Train Large, Then Compress: Rethinking Model Size for Efficient Training and Inference of Transformers
This work addresses compute-limited NLP tasks like pretraining and machine translation, offering a practical strategy for balancing training and inference costs, though it is incremental as it builds on existing compression methods.
The paper tackles the trade-off between training and inference efficiency in Transformers by showing that training extremely large models and then compressing them yields better accuracy than training small models directly, with large models being more robust to compression techniques like quantization and pruning.

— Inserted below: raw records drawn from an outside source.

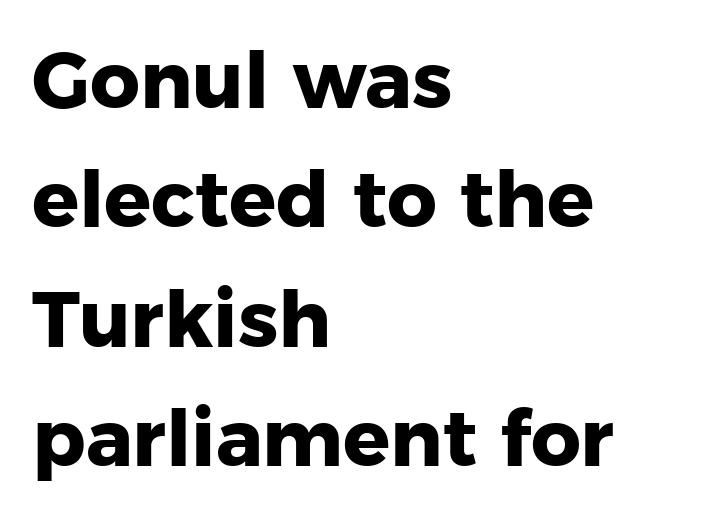
Q: Is the text bold? A: Yes.
Q: Is the text italic (slanted)? A: No, it is upright.
Q: Is the typeface a serif or a sans-serif typeface? A: Sans-serif.
Q: Is the text underlined? A: No.
Q: How is the paragraph aligned? A: Left-aligned.
Q: Is the spacing between letters normal or unusually wide? A: Normal.
Q: Is the spacing between lines tight, normal or loose? A: Normal.
Q: Width (condensed, normal, or wide)? A: Normal.
Q: Stroke contrast? A: Low.
Q: x-height? A: Medium.
Q: Monospaced? A: No.

Since hardware resources are limited, the objective of training deep learning models is typically to maximize accuracy subject to the time and memory constraints of training and inference. We study the impact of model size in this setting, focusing on Transformer models for NLP tasks that are limited by compute: self-supervised pretraining and high-resource machine translation. We first show that even though smaller Transformer models execute faster per iteration, wider and deeper models converge in significantly fewer steps. Moreover, this acceleration in convergence typically outpaces the additional computational overhead of using larger models. Therefore, the most compute-efficient training strategy is to counterintuitively train extremely large models but stop after a small number of iterations. This leads to an apparent trade-off between the training efficiency of large Transformer models and the inference efficiency of small Transformer models. However, we show that large models are more robust to compression techniques such as quantization and pruning than small models. Consequently, one can get the best of both worlds: heavily compressed, large models achieve higher accuracy than lightly compressed, small models.